__What is required__
Omit every picture while you reproduce the entries that follow word for word.

__The records__

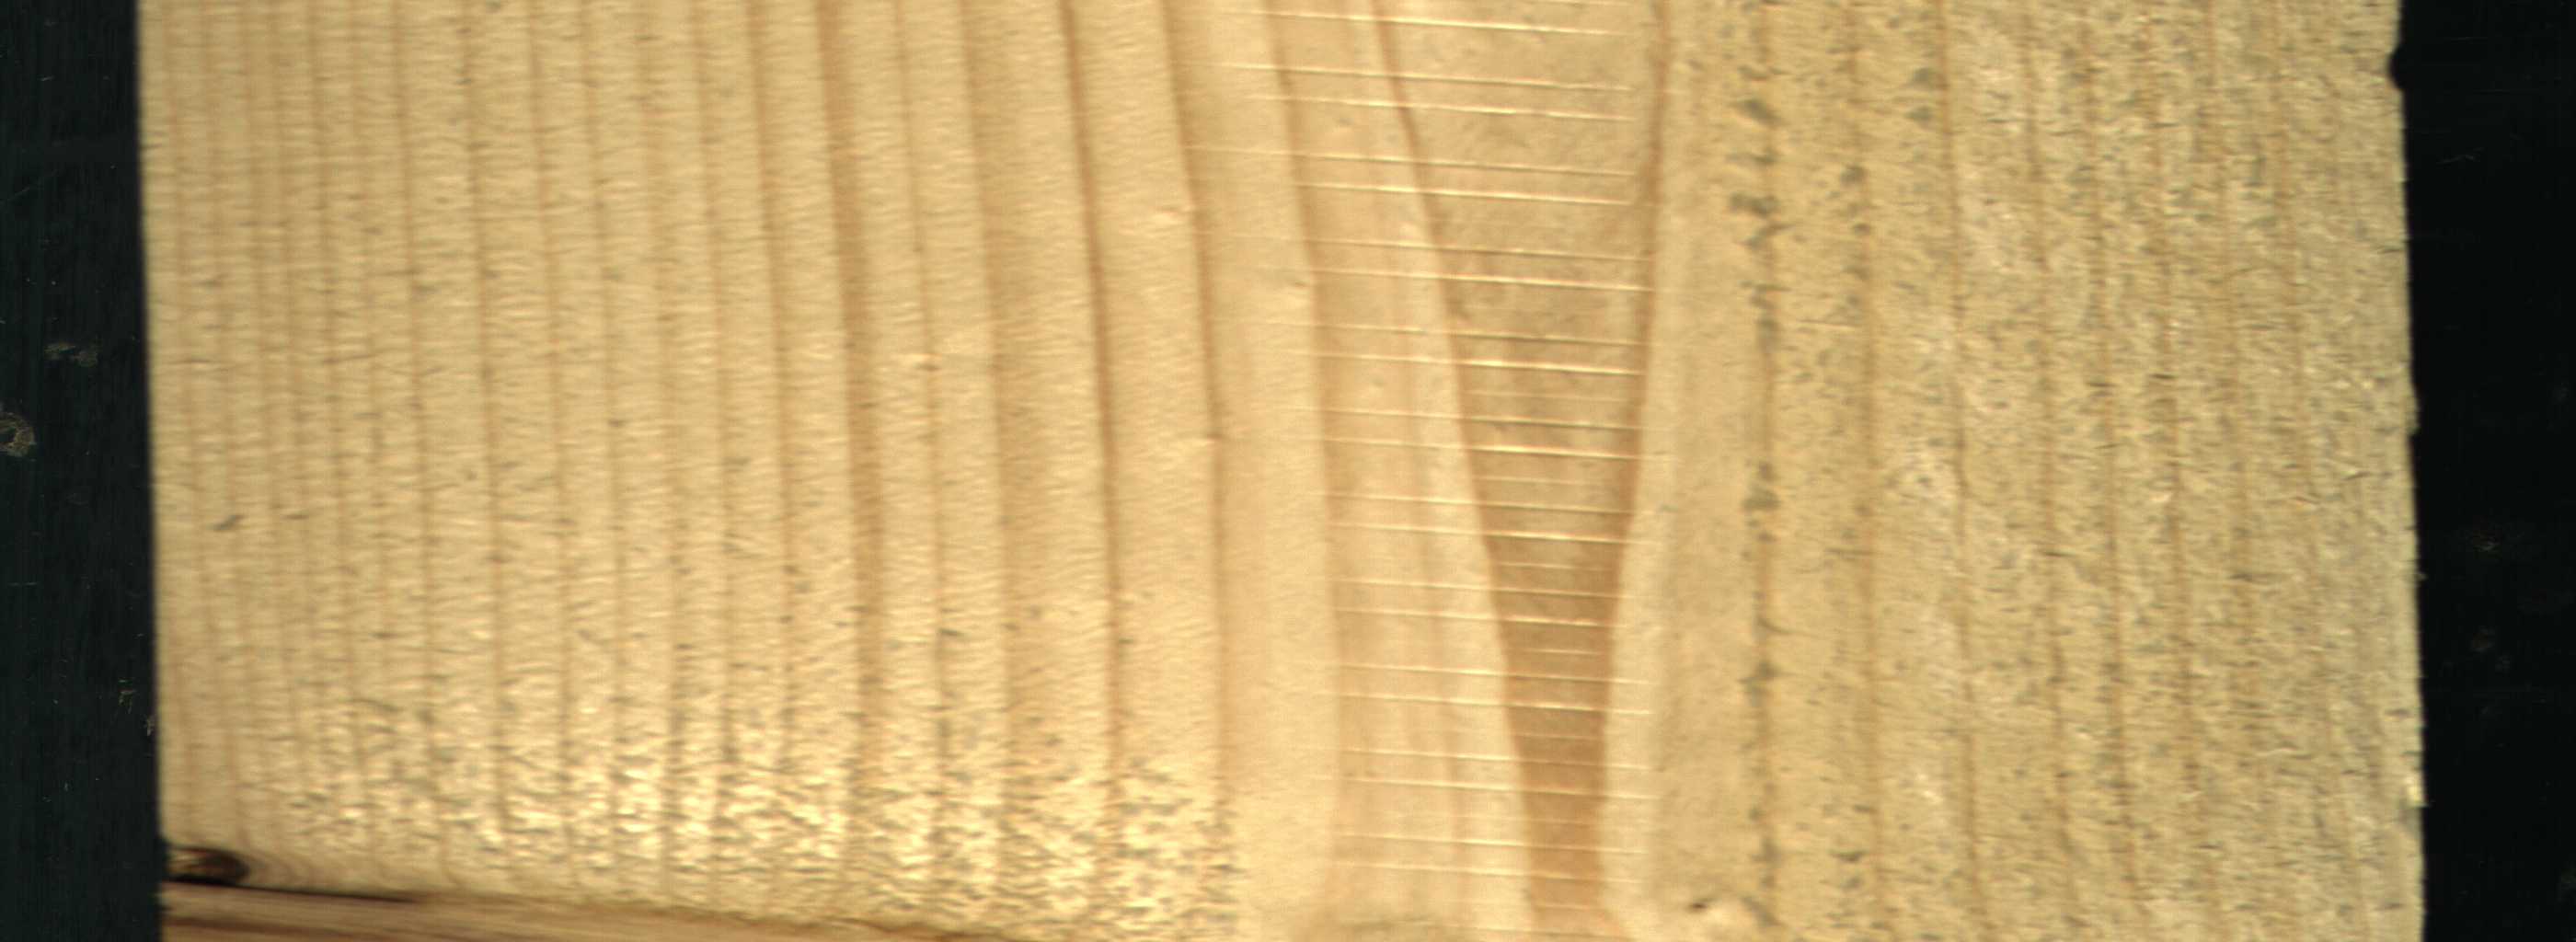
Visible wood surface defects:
Knot_missing
Dead_Knot
Live_Knot
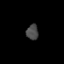
Tissue: prostate
Cell type: T cells
Senescence score: 0.2018
Nuclear area (px): 182
Mean DAPI intensity: 72.099
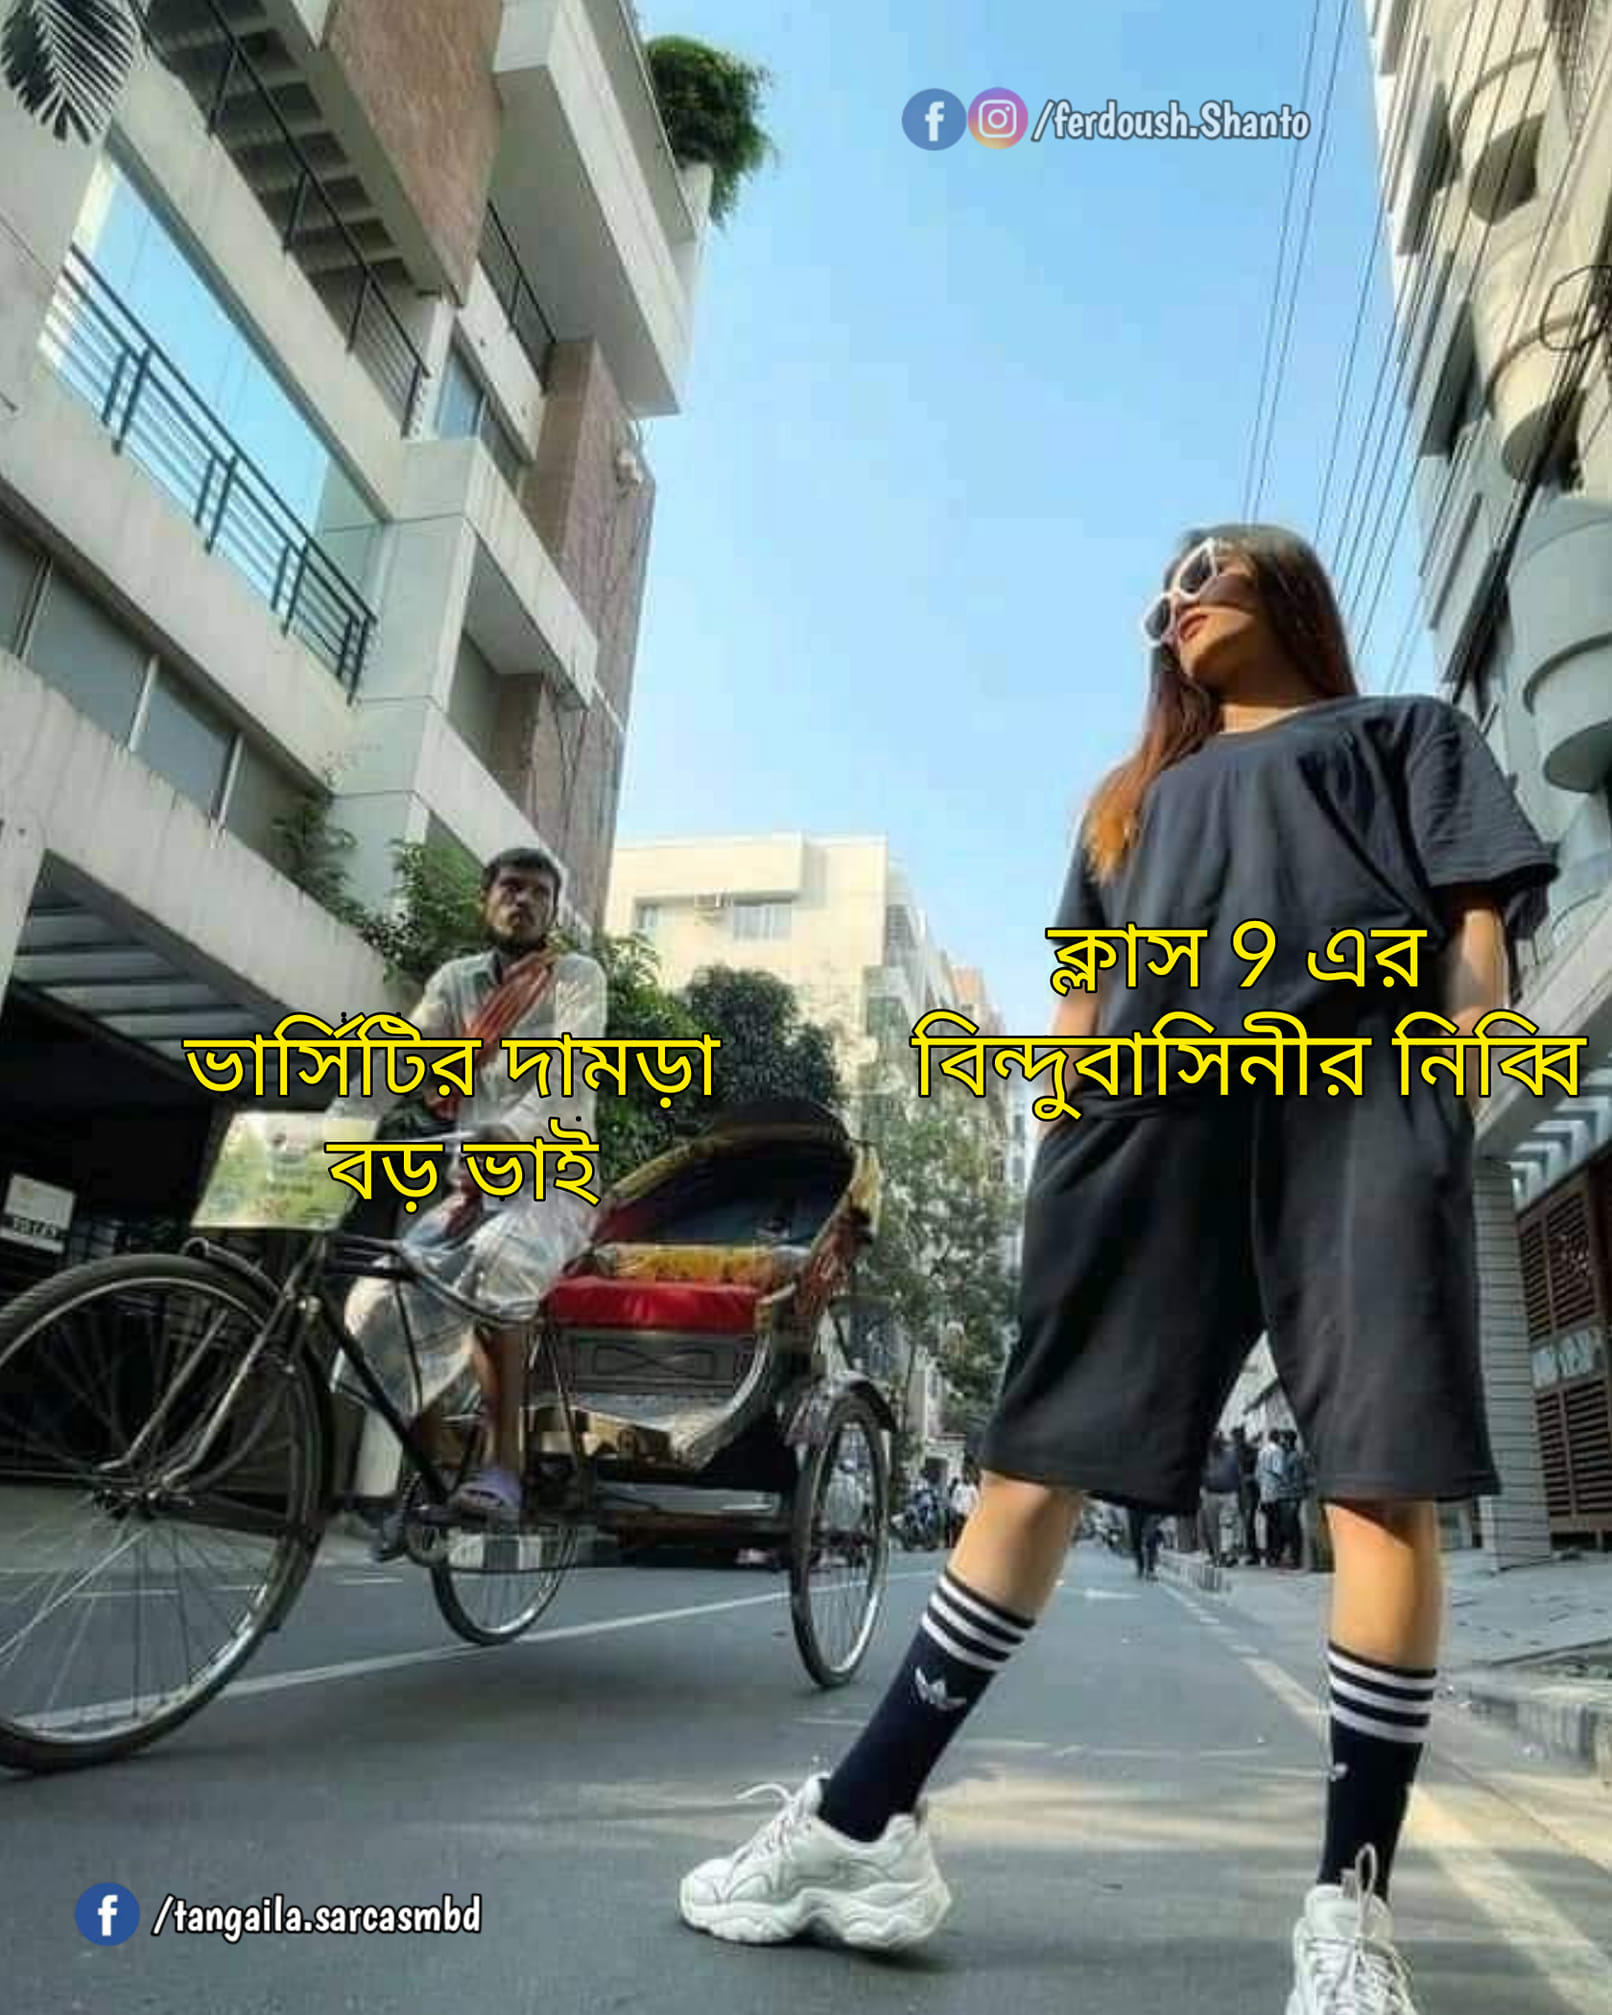
Text: ভার্সিটির দামড়া বড় ভাই। ক্লাস ৭ এর বিন্দুবাসিনীর নিব্বি
Label: Hate
Hate category: Personal Offence
Targeted group: Individual

__Solution for this exercise__
Visible wood surface defects:
Knot_missing
Dead_Knot
Live_Knot
Tissue: prostate
Cell type: T cells
Senescence score: 0.2018
Nuclear area (px): 182
Mean DAPI intensity: 72.099
Text: ভার্সিটির দামড়া বড় ভাই। ক্লাস ৭ এর বিন্দুবাসিনীর নিব্বি
Label: Hate
Hate category: Personal Offence
Targeted group: Individual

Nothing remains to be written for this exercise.